Nathaniel Alfred wrote:

-----Original Message-----
From: Daniel Fagerstrom [mailto:[EMAIL PROTECTED]
Sent: Donnerstag, 26. Mai 2005 15:42
To: dev@cocoon.apache.org
Subject: Re: [RT] Block usage

a block deployer block
Basically the block deployer will be a stand-alone application (Ant task, Maven plug-in, Eclipse plug-in, ...). Of course somebody could write a web interface for it which could be a cocoon block.
As you can see in my original message I proposed: a block deployer block, a block depoyer webapp block. Web interface and functinality should cleary be kept separately.
Having read the OSGi whitepaper but not having followed in detail the
discussion about the vision of "real blocks", I am confused now.

Aren't OSGi bundles already what Cocoon blocks want to be? "Just" package each block into a bundle with the right dependencies and deploy it into the OSGi kernel.

What am I missing?
The OSGi bundles solves an important and technically complicated part of the "real blocks". Everything we do today with the current "compile time blocks" will be possible to do in a much more convenient way with OSGi bundles, using their mechanisms for deployment, packaging, dependency resolution, classloader isolation etc.

But the block vision doesn't stop there (see http://wiki.apache.org/cocoon/BlockIntroduction for an introduction and http://wiki.apache.org/cocoon/Blocks for more details).
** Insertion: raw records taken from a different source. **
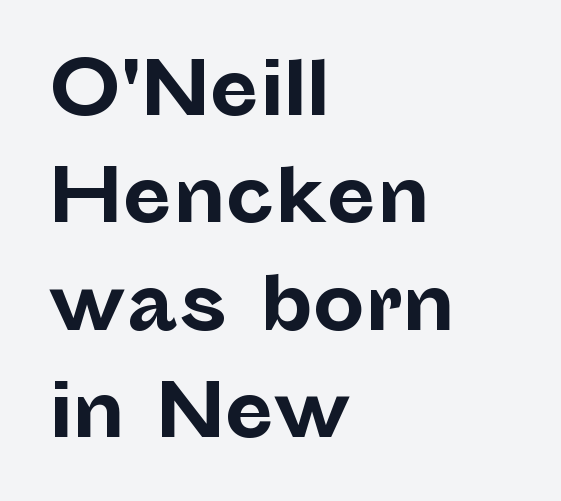
A typesetter would mark this as roman, not italic. How heavy is the stroke? Heavy — this is a bold. All the whitespace from short lines collects on the right. Spacing verdict: proportional, widths tailored to each character. Each letter's strokes conclude bluntly, with no projecting serifs.
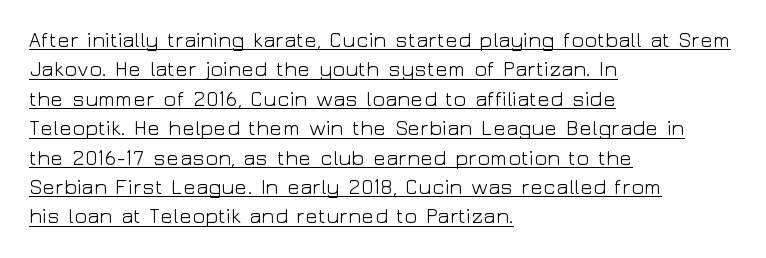
{"italic": "no", "bold": "no", "underline": "yes", "align": "left", "line_spacing": "normal", "line_spacing_ratio": 1.4, "letter_spacing": "normal", "letter_spacing_em": 0.0, "glyph_px": 21}
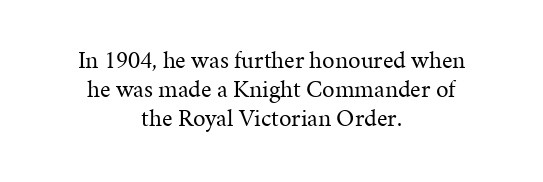
Q: Is the text bold? A: No.
Q: Is the text italic (slanted)? A: No, it is upright.
Q: Is the text underlined? A: No.
Q: How is the paragraph aligned? A: Centered.
Q: Is the spacing between letters normal or unusually wide? A: Normal.
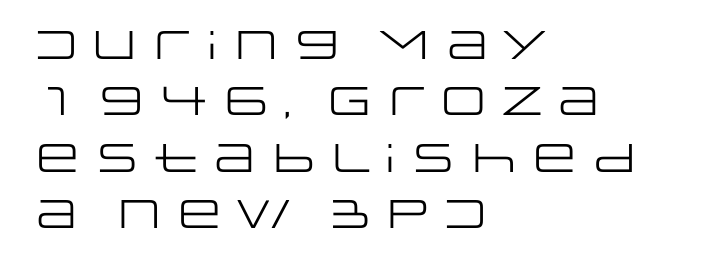
Q: Is the text bold? A: No.
Q: Is the text italic (slanted)? A: No, it is upright.
Q: Is the typeface a serif or a sans-serif typeface? A: Sans-serif.
Q: Is the text underlined? A: No.
Q: How is the paragraph aligned? A: Left-aligned.
Q: Is the spacing between letters normal or unusually wide? A: Normal.
Q: Is the spacing between lines tight, normal or loose? A: Normal.
Q: Width (condensed, normal, or wide)? A: Wide.
Q: Stroke contrast? A: Low.
Q: x-height? A: Large.
Q: Monospaced? A: No.

In a layer above the bundle mechanism blocks can also acts as component containers and one block can ask another one for components.

In the top layer, a block can offer sitemap services. Here the relation between a block and the kernel is somewhat analogue to the relation between a servlet and the servlet container. A block can contain a sitemap it can be mounted at a certain URL during deployment, it can contain parameters that are bound at deployment time. There is also a block: protocol that is kind of extended cocoon: protocol for block usage. A block can call piplines in another block through the block: protocol. There will be a certain transformer that rewrites block: URLs to their mount point.
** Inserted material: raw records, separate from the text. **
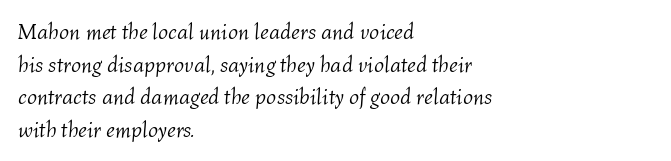
{"italic": "yes", "lean": "right", "slant_degrees": 4, "bold": "no", "underline": "no", "align": "left", "line_spacing": "normal", "line_spacing_ratio": 1.48, "letter_spacing": "normal", "letter_spacing_em": 0.0, "glyph_px": 22}
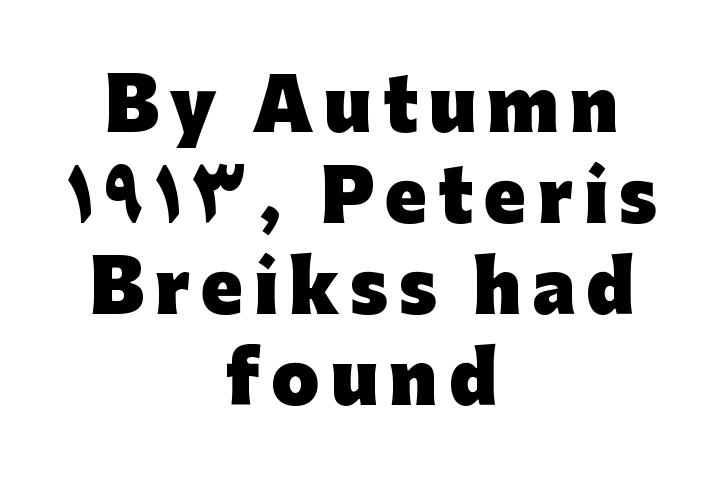
Regarding leading, the lines here are spaced in the standard way. In terms of letterform style, serifs are entirely absent. Clear beneath every line of the passage. The passage is arranged like a title page — every line centered. Thick stems and heavy bowls — unmistakably bold.
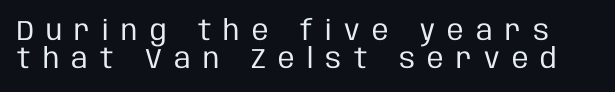
Q: Is the text bold? A: No.
Q: Is the text italic (slanted)? A: No, it is upright.
Q: Is the typeface a serif or a sans-serif typeface? A: Sans-serif.
Q: Is the text underlined? A: No.
Q: Is the spacing between letters normal or unusually wide? A: Unusually wide.
Q: Is the spacing between lines tight, normal or loose? A: Tight.
Q: Width (condensed, normal, or wide)? A: Condensed.
Q: Stroke contrast? A: Low.
Q: x-height? A: Large.
Q: Monospaced? A: No.
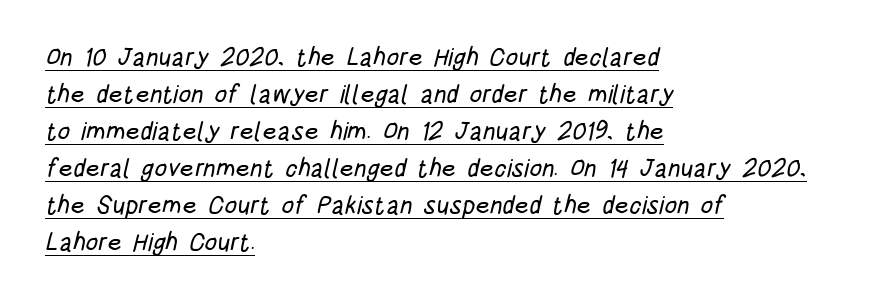
The image shows 25 px text type; set left-aligned, normal line spacing (1.48x), normal letter spacing, underlined.
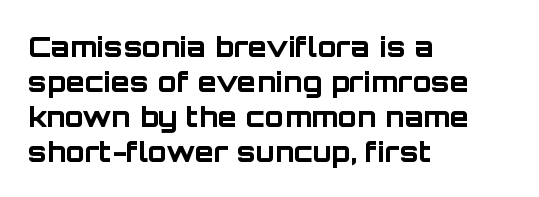
{"serif": "no", "italic": "no", "bold": "yes", "weight": "bold", "width": "normal", "stroke_contrast": "low", "x_height": "large", "monospaced": "no", "underline": "no", "align": "left", "line_spacing": "normal", "line_spacing_ratio": 1.25, "letter_spacing": "normal", "letter_spacing_em": 0.0, "glyph_px": 28}
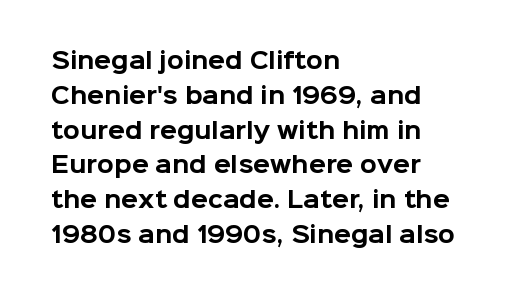
The image shows 22 px bold type, upright; set left-aligned, normal line spacing (1.58x), normal letter spacing, not underlined.
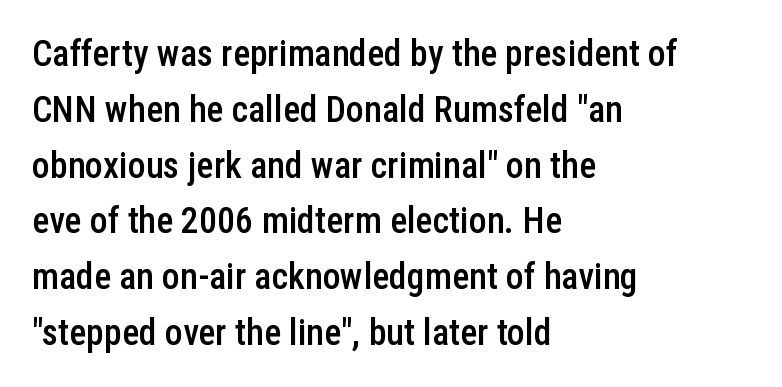
A normal amount of white space separates one row of letters from the next. Short and long lines alike share a common starting point at left. This is the regular roman posture of the typeface. The rendering uses natural spacing where letterforms have individual widths. Here the glyphs are tracked normally, forming tight word shapes.
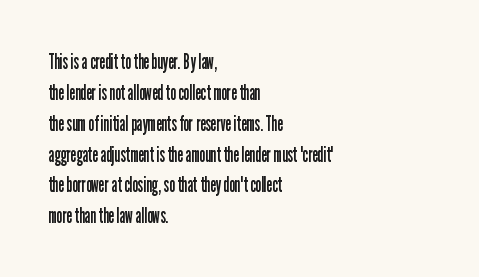
{"italic": "no", "bold": "no", "underline": "no", "align": "left", "line_spacing": "normal", "line_spacing_ratio": 1.47, "letter_spacing": "normal", "letter_spacing_em": 0.0, "glyph_px": 21}
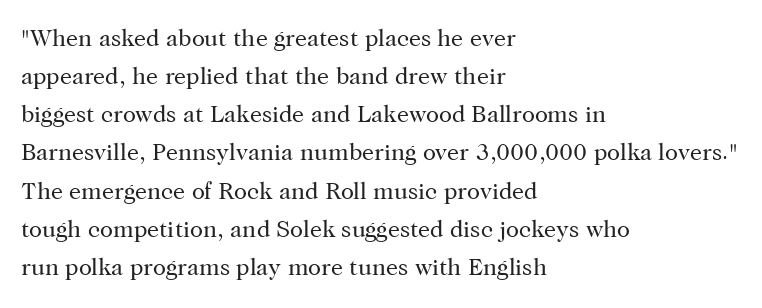
Is there much room between lines? A standard amount, neither cramped nor airy. A roman cut, with each character standing at attention. How are the letters spaced? Ordinarily, with no added tracking. This rendering features lettering with no underline. The paragraph shown leans on its left margin. The weight tops out at a normal text grade.
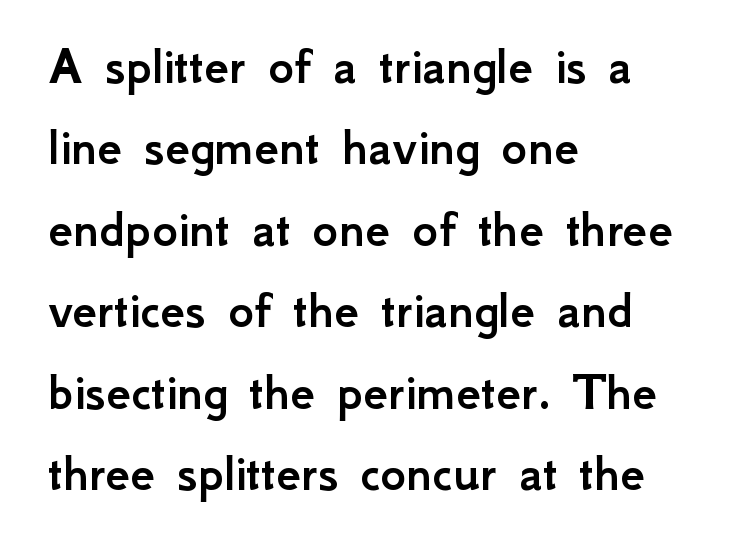
The image shows 55 px sans-serif type, upright; set left-aligned, normal line spacing (1.48x), normal letter spacing, not underlined; low stroke contrast and a small x-height.
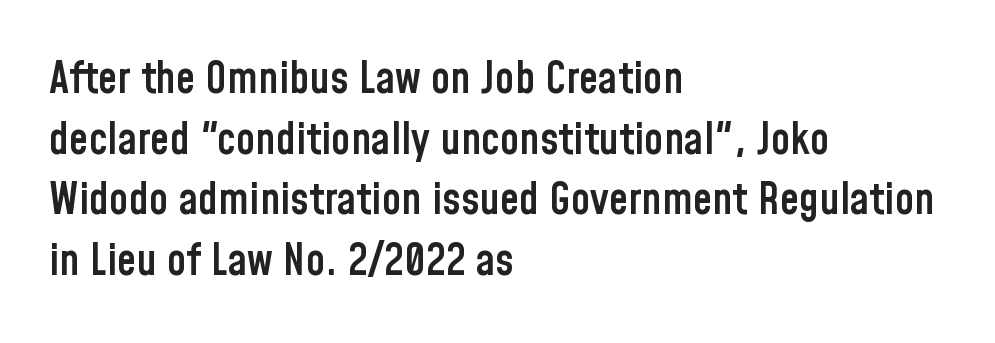
The space beneath each line is pristine and unruled. Interline gaps are of average width in this sample. This rendering leaves character spacing at its baseline value. A bit beefed up — I'd call it semibold rather than bold. No italicization has been applied; the sample stays upright.

Also blocks are somewhat like objects in OO, they can implement interface blocks and they can extend another block. An extending block can polymorphically override URLs in the extended block.
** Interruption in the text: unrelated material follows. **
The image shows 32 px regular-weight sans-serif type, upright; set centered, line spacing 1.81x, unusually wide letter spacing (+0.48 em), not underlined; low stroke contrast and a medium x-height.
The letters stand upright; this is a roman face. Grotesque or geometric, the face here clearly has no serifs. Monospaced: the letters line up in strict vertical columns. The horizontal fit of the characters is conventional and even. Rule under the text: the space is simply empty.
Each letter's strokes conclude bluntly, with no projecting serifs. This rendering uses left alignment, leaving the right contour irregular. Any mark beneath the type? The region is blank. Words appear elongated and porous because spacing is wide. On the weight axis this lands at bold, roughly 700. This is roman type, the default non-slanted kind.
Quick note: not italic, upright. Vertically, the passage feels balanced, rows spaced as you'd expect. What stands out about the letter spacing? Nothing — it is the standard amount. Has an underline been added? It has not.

The sitemap aspect of blocks is not just a better way to do something we really have it provides a new and more structured way to create reusable webapps, see point 5 in my original message in this thread for an example.

More details can be found in the references above.

The sitemap aspect of blocks is on its way. I'm hopefully just a few working days from a first version. Just need to find time for actually doing it.